在此部分的文字處理中，除了抓出含所有YouTuber之資料，也抓出只含單一YouTuber之資料供後續詞頻分析。

#抓取有youtuber名字之資料
isname=token %>%
  filter(word %in% ytr_lexicon)

#抓取沒有youtuber名字之資料 並去除英文
other=token %>%
  filter(!word %in% ytr_lexicon) %>% 
  filter(!str_detect(word, regex("[a-zA-z]")) )

alisasa=token %>%
  filter(word %in% c("愛莉莎莎","alisasa"))

aga=token %>%
  filter(word %in% c("蔡阿嘎"))
  
guan=token %>%
  filter(word %in% c("成吉思汗","陳之漢","飆捍","館長"))
  
huang=token %>%
  filter(word %in% c("黃氏兄弟","瑋瑋","哲哲"))
  
pigeon=token %>%
  filter(word %in% c("蒼藍鴿"))

list_all=left_join(isname, other, by = "artUrl")
list_alisasa=left_join(alisasa, other, by = "artUrl")
list_aga=left_join(aga, other, by = "artUrl")
list_guan=left_join(guan, other, by = "artUrl")
list_huang=left_join(huang, other, by = "artUrl")
list_pigeon=left_join(pigeon, other, by = "artUrl")

合併兩個dataframe，整合YouTuber可能的別名，以利進行後續相關性分析

#合併以上兩dataframe 並將youtuber的別名 改為一個主要的名稱 以便後續分析
ytr_final <- rbind(isname,other) %>%   
  mutate(word=gsub("alisasa", "愛莉莎莎", word)) %>% 
  mutate(word=gsub("成吉思汗|陳之漢|飆捍", "館長", word))

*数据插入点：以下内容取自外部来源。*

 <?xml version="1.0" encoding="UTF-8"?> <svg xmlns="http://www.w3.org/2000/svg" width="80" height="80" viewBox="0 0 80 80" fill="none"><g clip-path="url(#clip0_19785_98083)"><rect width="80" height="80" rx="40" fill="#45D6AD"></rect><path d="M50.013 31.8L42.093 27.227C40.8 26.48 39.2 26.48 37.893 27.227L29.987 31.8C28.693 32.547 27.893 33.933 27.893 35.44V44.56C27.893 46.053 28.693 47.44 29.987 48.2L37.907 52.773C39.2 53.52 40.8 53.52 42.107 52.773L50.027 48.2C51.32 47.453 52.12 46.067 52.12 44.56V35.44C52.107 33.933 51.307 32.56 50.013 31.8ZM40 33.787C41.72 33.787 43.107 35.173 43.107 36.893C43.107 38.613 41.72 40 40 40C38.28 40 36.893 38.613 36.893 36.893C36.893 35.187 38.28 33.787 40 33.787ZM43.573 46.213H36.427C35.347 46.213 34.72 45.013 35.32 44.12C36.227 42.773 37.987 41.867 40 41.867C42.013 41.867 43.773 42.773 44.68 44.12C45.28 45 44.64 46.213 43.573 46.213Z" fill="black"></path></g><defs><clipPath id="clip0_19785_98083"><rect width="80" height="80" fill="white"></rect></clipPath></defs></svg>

以上為資料前處理，接下來將針對詞頻、情緒、相關性等進行分析、資料視覺化、結果解釋等。

Part 2: 詞頻分析

#comment <- list_all %>% 
  #group_by(word.y) %>% 
  #summarise(sum = sum(n.y), .groups = 'drop') %>% 
  #arrange(desc(sum))

result_all <- list_all %>% 
  group_by(artDate.y,word.x) %>% 
  summarise(sum = sum(n.y), .groups = 'drop') %>% 
  arrange(desc(sum))

result_alisasa <- list_alisasa %>% 
  group_by(word.y) %>% 
  summarise(sum = sum(n.y), .groups = 'drop') %>% 
  arrange(desc(sum))

result_aga <- list_aga %>% 
  group_by(word.y) %>% 
  summarise(sum = sum(n.y), .groups = 'drop') %>% 
  arrange(desc(sum))

result_guan <- list_guan %>% 
  group_by(word.y) %>% 
  summarise(sum = sum(n.y), .groups = 'drop') %>% 
  arrange(desc(sum))

result_huang <- list_huang %>% 
  group_by(word.y) %>% 
  summarise(sum = sum(n.y), .groups = 'drop') %>% 
  arrange(desc(sum))

result_pigeon <- list_pigeon %>% 
  group_by(word.y) %>% 
  summarise(sum = sum(n.y), .groups = 'drop') %>% 
  arrange(desc(sum))

產生文字雲

wordcloud1 <- result_alisasa %>% filter(sum>200) %>% wordcloud2()
graph1<- wordcloud1
saveWidget(graph1, "temp.html", selfcontained = F)
webshot("temp.html", "wordcloud1.png", delay = 5, vwidth = 500, vheight = 500)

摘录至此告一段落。